◆ EXERCISE
All entries must come back exactly as given, with no pictures in the copy.

═════ EXTRACTED INFORMATION ═════

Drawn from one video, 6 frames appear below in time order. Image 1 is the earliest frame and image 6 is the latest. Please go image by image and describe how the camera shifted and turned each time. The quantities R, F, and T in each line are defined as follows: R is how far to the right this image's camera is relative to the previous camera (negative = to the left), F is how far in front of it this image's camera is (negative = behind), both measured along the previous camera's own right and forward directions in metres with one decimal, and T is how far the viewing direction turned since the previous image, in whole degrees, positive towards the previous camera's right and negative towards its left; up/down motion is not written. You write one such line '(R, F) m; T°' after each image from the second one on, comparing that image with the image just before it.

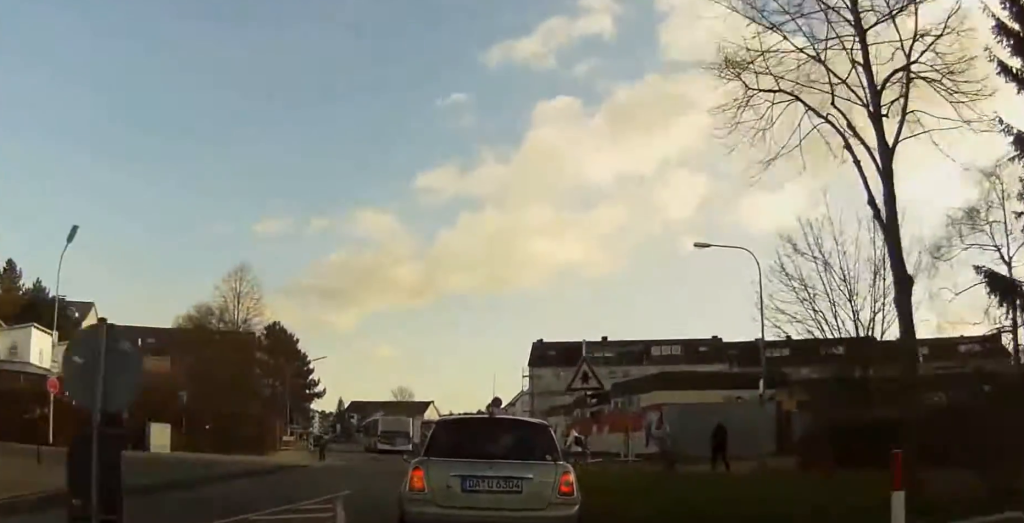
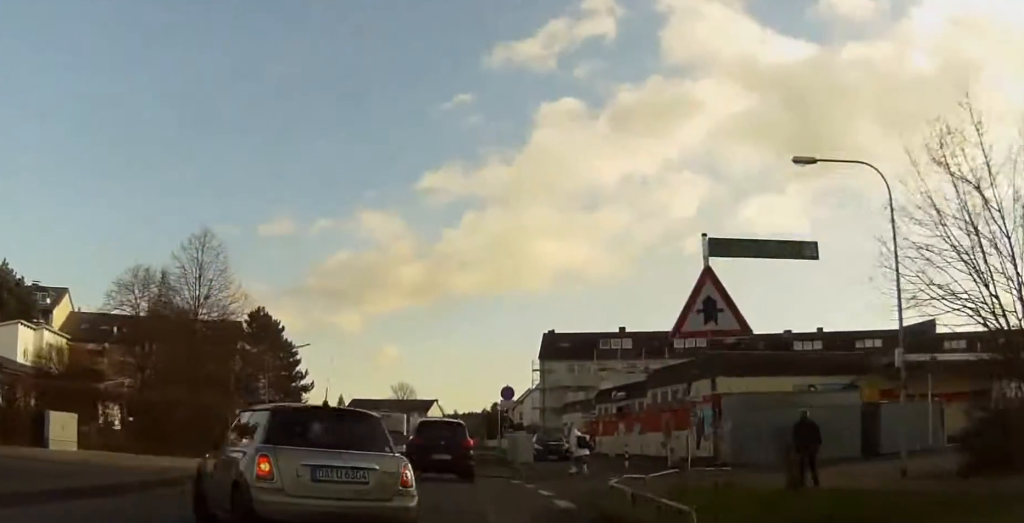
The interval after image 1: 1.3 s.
(-0.1, +10.1) m; 0°
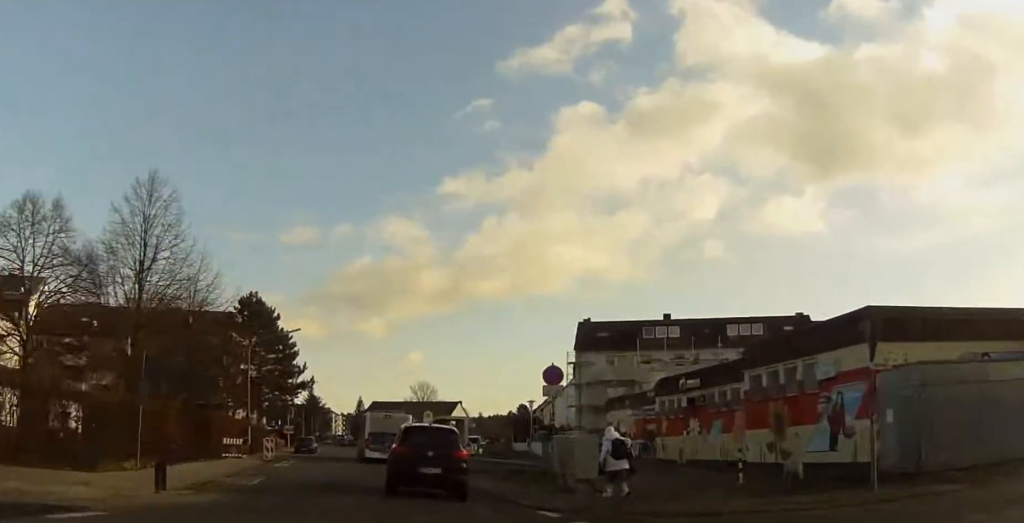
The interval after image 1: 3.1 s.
(0.0, +12.1) m; +1°
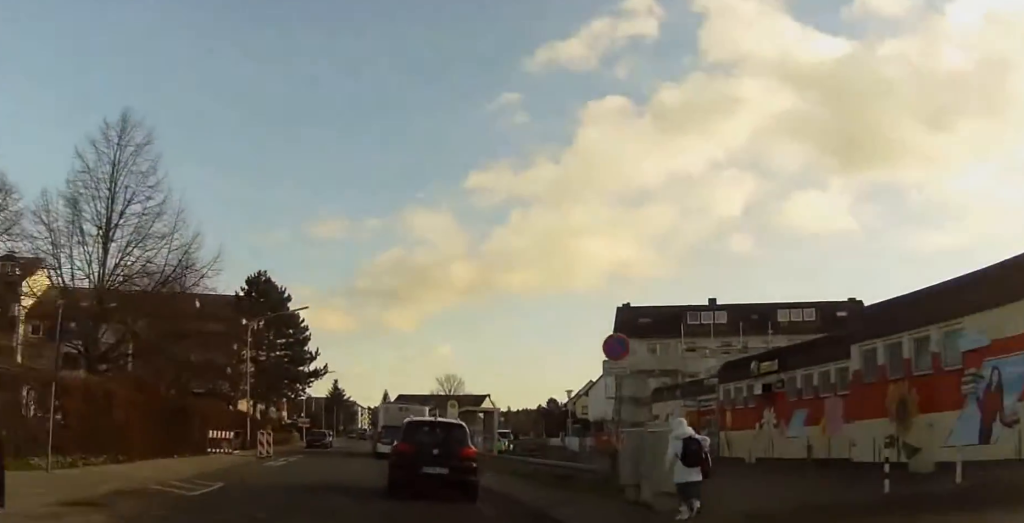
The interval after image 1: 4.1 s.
(+0.2, +6.5) m; -1°
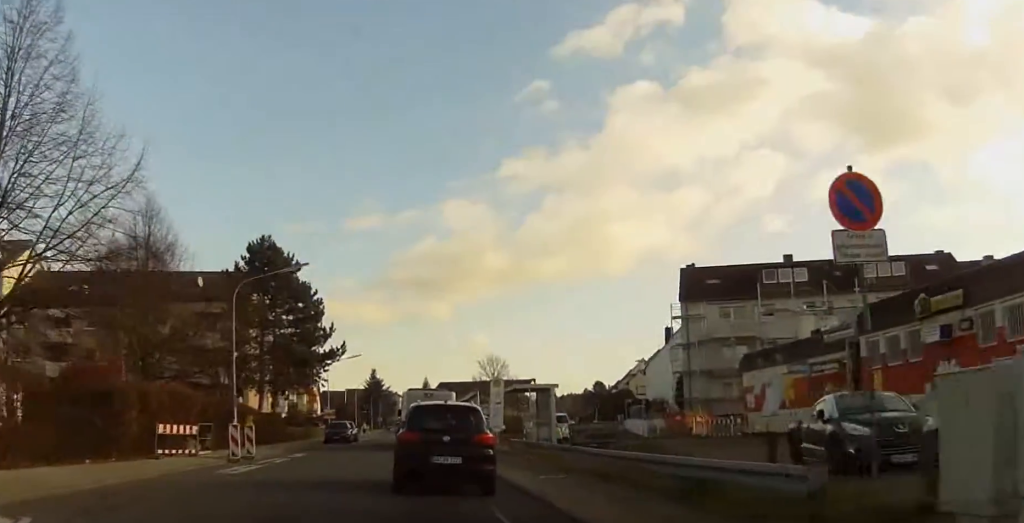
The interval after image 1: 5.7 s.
(-0.2, +10.2) m; -3°
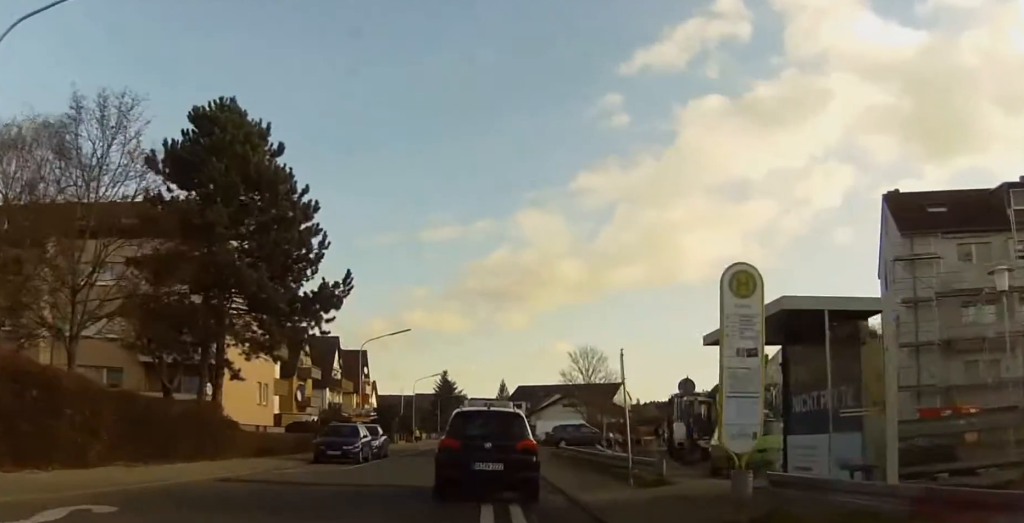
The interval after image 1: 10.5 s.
(-1.9, +26.1) m; -6°

═════

◆ TASK RESPONSE
Drawn from one video, 6 frames appear below in time order. Image 1 is the earliest frame and image 6 is the latest. Please go image by image and describe how the camera shifted and turned each time. The quantities R, F, and T in each line are defined as follows: R is how far to the right this image's camera is relative to the previous camera (negative = to the left), F is how far in front of it this image's camera is (negative = behind), both measured along the previous camera's own right and forward directions in metres with one decimal, and T is how far the viewing direction turned since the previous image, in whole degrees, positive towards the previous camera's right and negative towards its left; up/down motion is not written. You write one such line '(R, F) m; T°' after each image from the second one on, comparing that image with the image just before it.

The interval after image 1: 1.3 s.
(-0.1, +10.1) m; 0°
The interval after image 1: 3.1 s.
(0.0, +12.1) m; +1°
The interval after image 1: 4.1 s.
(+0.2, +6.5) m; -1°
The interval after image 1: 5.7 s.
(-0.2, +10.2) m; -3°
The interval after image 1: 10.5 s.
(-1.9, +26.1) m; -6°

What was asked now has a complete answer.